**TASK**
Would you restate each line of the data below word for word, without its pictures?
###
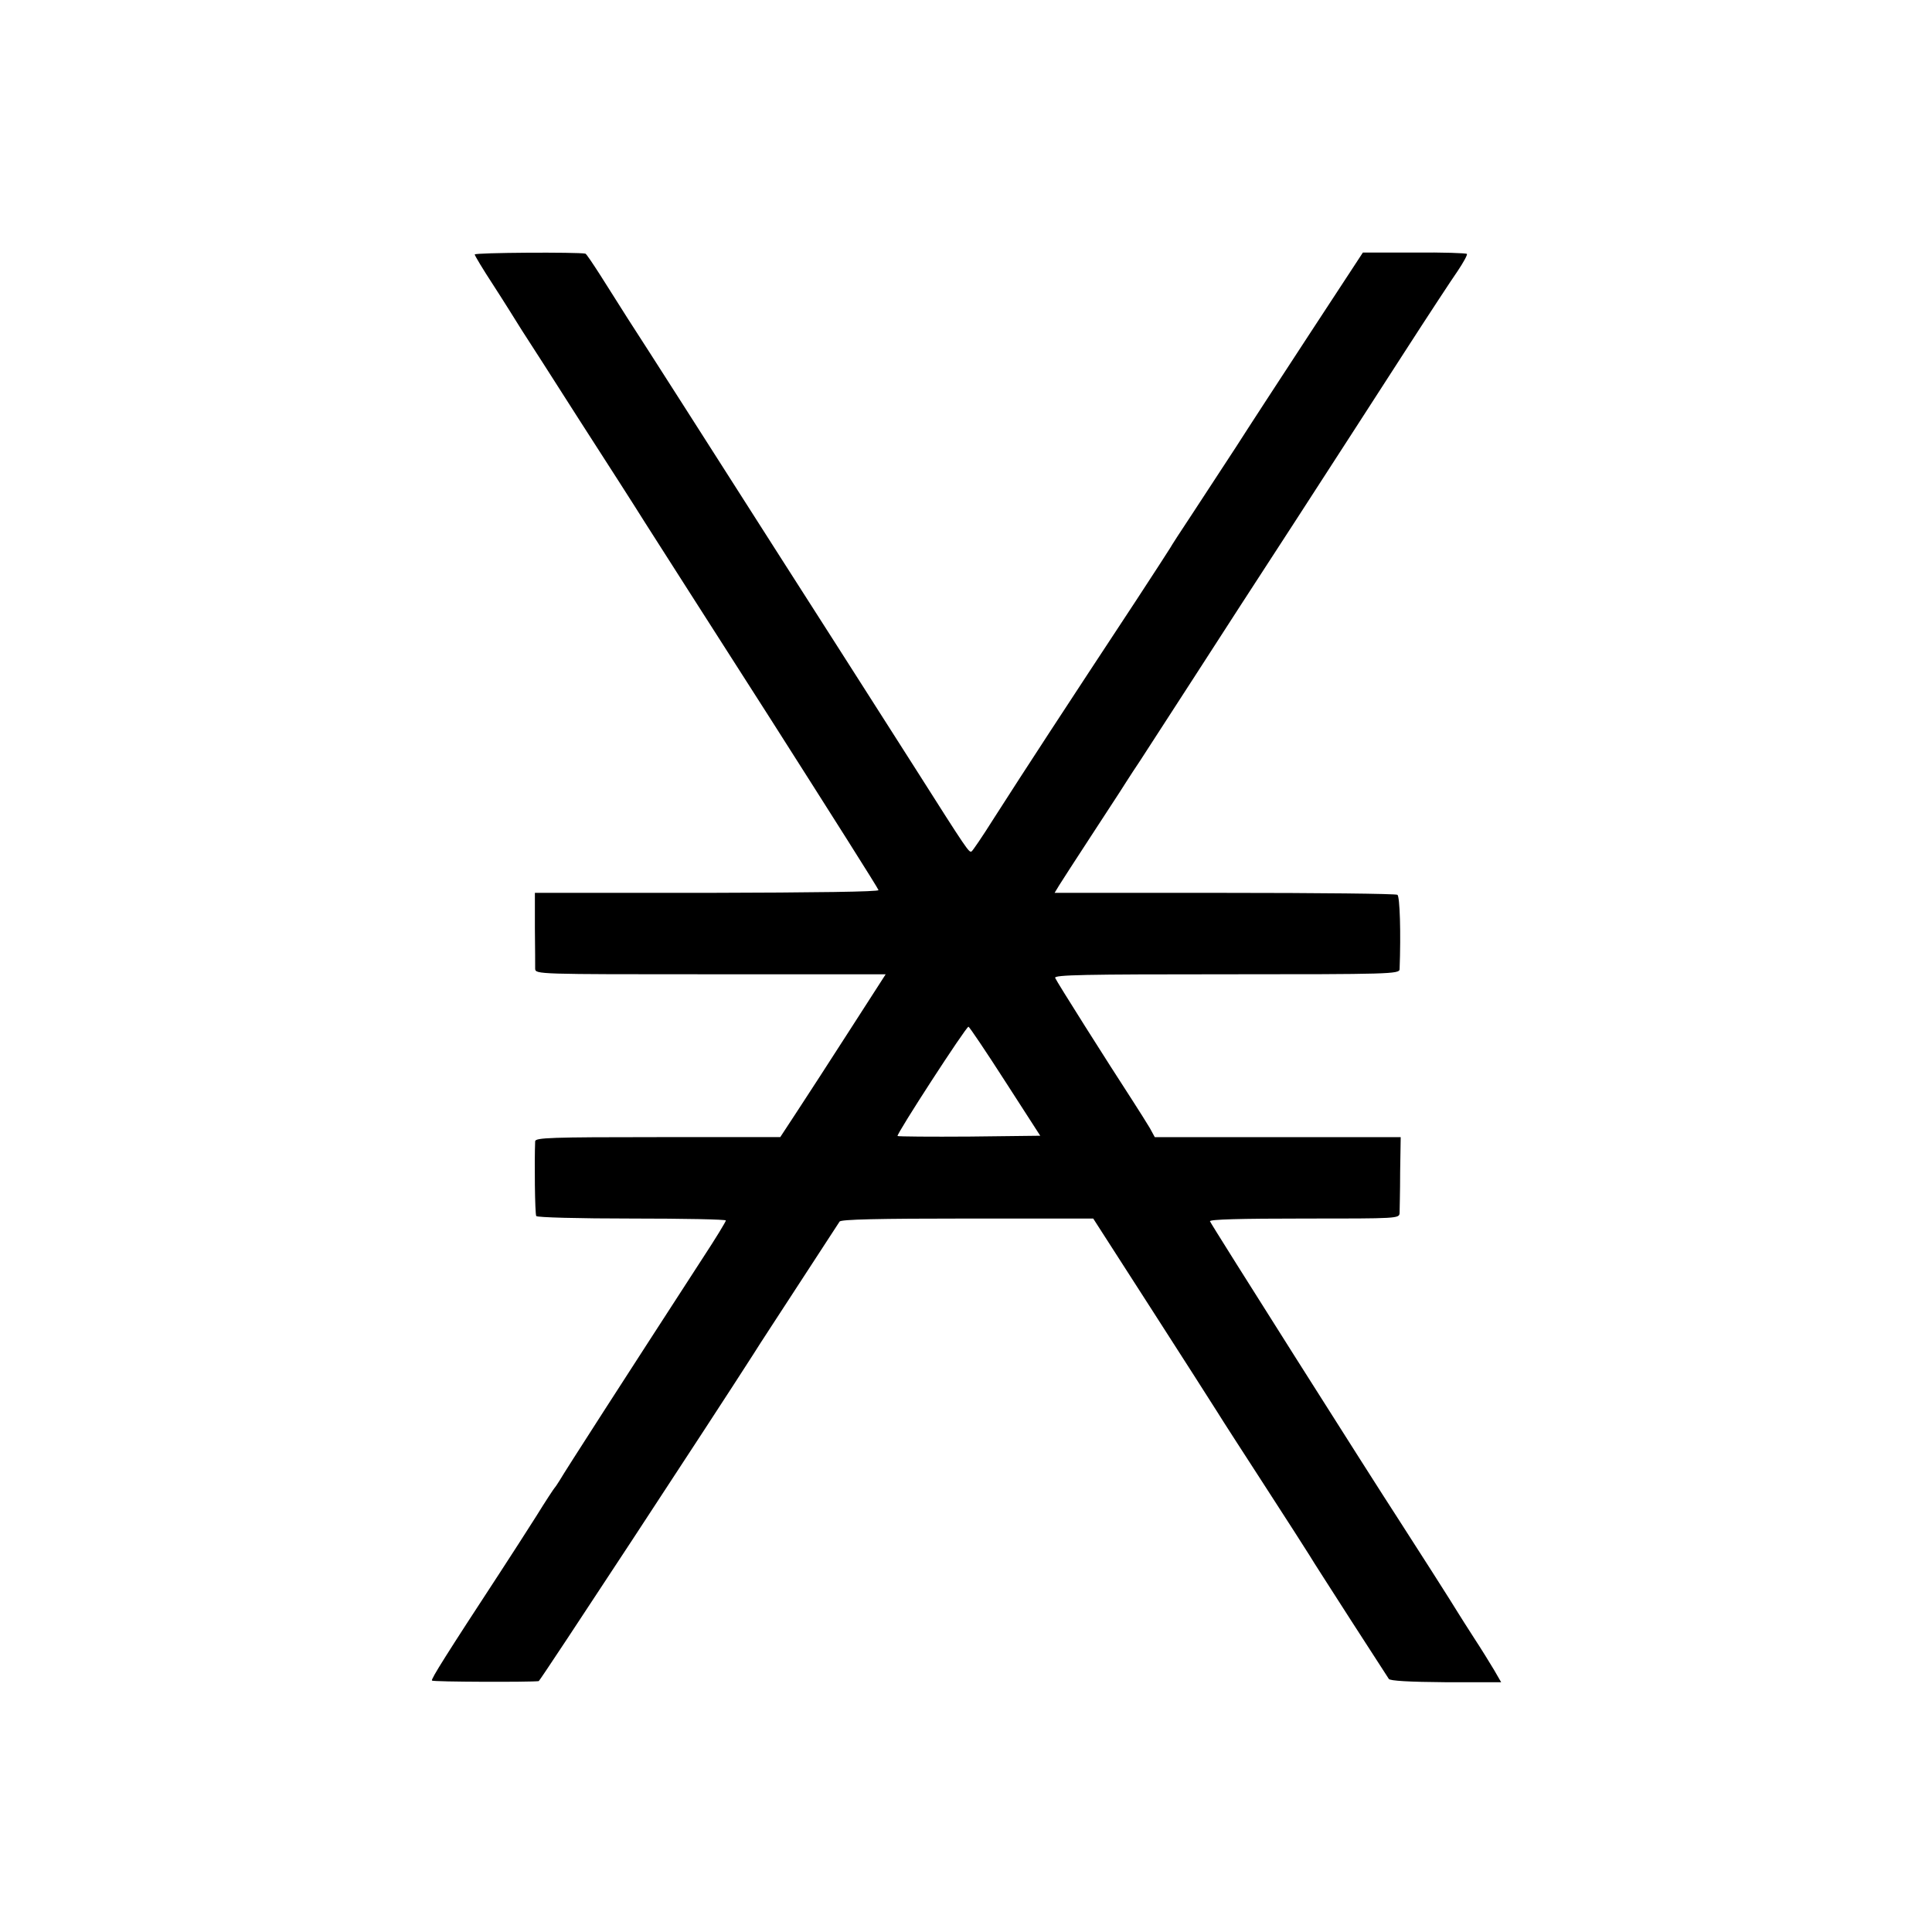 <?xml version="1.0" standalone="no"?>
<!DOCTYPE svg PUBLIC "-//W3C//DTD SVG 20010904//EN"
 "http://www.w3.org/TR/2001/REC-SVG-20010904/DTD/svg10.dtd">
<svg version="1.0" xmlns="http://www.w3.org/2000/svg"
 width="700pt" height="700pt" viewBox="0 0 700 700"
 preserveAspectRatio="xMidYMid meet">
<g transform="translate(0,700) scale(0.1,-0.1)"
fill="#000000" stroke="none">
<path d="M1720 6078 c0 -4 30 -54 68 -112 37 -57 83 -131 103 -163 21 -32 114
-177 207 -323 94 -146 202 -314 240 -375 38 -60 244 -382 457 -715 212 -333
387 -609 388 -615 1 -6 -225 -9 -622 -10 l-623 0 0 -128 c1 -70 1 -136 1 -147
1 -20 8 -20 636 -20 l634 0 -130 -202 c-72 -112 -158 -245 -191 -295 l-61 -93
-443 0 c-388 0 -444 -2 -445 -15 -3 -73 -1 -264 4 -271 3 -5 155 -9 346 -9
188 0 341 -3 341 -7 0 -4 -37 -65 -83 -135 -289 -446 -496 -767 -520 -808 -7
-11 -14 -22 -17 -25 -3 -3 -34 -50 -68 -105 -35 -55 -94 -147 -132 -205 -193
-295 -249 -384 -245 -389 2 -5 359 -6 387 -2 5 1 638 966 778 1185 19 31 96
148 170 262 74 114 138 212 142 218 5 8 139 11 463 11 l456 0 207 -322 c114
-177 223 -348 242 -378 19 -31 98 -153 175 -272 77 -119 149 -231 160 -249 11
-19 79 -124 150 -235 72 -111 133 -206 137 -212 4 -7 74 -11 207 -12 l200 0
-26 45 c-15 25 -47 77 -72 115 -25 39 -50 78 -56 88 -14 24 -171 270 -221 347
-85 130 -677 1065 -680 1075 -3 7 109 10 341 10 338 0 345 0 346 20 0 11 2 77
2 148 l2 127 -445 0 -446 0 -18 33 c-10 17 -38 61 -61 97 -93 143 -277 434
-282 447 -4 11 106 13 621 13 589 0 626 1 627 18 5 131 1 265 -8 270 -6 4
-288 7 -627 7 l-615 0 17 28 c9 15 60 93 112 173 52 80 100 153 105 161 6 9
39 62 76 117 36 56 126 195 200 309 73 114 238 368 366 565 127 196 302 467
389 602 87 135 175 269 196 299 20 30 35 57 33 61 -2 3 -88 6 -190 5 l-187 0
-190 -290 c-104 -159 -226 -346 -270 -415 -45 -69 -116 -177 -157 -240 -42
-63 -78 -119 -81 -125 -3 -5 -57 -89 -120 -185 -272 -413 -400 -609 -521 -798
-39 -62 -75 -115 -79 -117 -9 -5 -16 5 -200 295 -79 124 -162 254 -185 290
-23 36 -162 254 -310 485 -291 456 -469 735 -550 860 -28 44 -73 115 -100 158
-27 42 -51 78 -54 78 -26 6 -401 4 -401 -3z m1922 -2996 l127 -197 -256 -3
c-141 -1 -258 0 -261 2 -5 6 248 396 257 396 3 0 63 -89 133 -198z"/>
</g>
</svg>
###
**ANSWER TO THIS EXERCISE**
 <?xml version="1.0" standalone="no"?>
<!DOCTYPE svg PUBLIC "-//W3C//DTD SVG 20010904//EN"
 "http://www.w3.org/TR/2001/REC-SVG-20010904/DTD/svg10.dtd">
<svg version="1.0" xmlns="http://www.w3.org/2000/svg"
 width="700pt" height="700pt" viewBox="0 0 700 700"
 preserveAspectRatio="xMidYMid meet">
<g transform="translate(0,700) scale(0.1,-0.1)"
fill="#000000" stroke="none">
<path d="M1720 6078 c0 -4 30 -54 68 -112 37 -57 83 -131 103 -163 21 -32 114
-177 207 -323 94 -146 202 -314 240 -375 38 -60 244 -382 457 -715 212 -333
387 -609 388 -615 1 -6 -225 -9 -622 -10 l-623 0 0 -128 c1 -70 1 -136 1 -147
1 -20 8 -20 636 -20 l634 0 -130 -202 c-72 -112 -158 -245 -191 -295 l-61 -93
-443 0 c-388 0 -444 -2 -445 -15 -3 -73 -1 -264 4 -271 3 -5 155 -9 346 -9
188 0 341 -3 341 -7 0 -4 -37 -65 -83 -135 -289 -446 -496 -767 -520 -808 -7
-11 -14 -22 -17 -25 -3 -3 -34 -50 -68 -105 -35 -55 -94 -147 -132 -205 -193
-295 -249 -384 -245 -389 2 -5 359 -6 387 -2 5 1 638 966 778 1185 19 31 96
148 170 262 74 114 138 212 142 218 5 8 139 11 463 11 l456 0 207 -322 c114
-177 223 -348 242 -378 19 -31 98 -153 175 -272 77 -119 149 -231 160 -249 11
-19 79 -124 150 -235 72 -111 133 -206 137 -212 4 -7 74 -11 207 -12 l200 0
-26 45 c-15 25 -47 77 -72 115 -25 39 -50 78 -56 88 -14 24 -171 270 -221 347
-85 130 -677 1065 -680 1075 -3 7 109 10 341 10 338 0 345 0 346 20 0 11 2 77
2 148 l2 127 -445 0 -446 0 -18 33 c-10 17 -38 61 -61 97 -93 143 -277 434
-282 447 -4 11 106 13 621 13 589 0 626 1 627 18 5 131 1 265 -8 270 -6 4
-288 7 -627 7 l-615 0 17 28 c9 15 60 93 112 173 52 80 100 153 105 161 6 9
39 62 76 117 36 56 126 195 200 309 73 114 238 368 366 565 127 196 302 467
389 602 87 135 175 269 196 299 20 30 35 57 33 61 -2 3 -88 6 -190 5 l-187 0
-190 -290 c-104 -159 -226 -346 -270 -415 -45 -69 -116 -177 -157 -240 -42
-63 -78 -119 -81 -125 -3 -5 -57 -89 -120 -185 -272 -413 -400 -609 -521 -798
-39 -62 -75 -115 -79 -117 -9 -5 -16 5 -200 295 -79 124 -162 254 -185 290
-23 36 -162 254 -310 485 -291 456 -469 735 -550 860 -28 44 -73 115 -100 158
-27 42 -51 78 -54 78 -26 6 -401 4 -401 -3z m1922 -2996 l127 -197 -256 -3
c-141 -1 -258 0 -261 2 -5 6 248 396 257 396 3 0 63 -89 133 -198z"/>
</g>
</svg>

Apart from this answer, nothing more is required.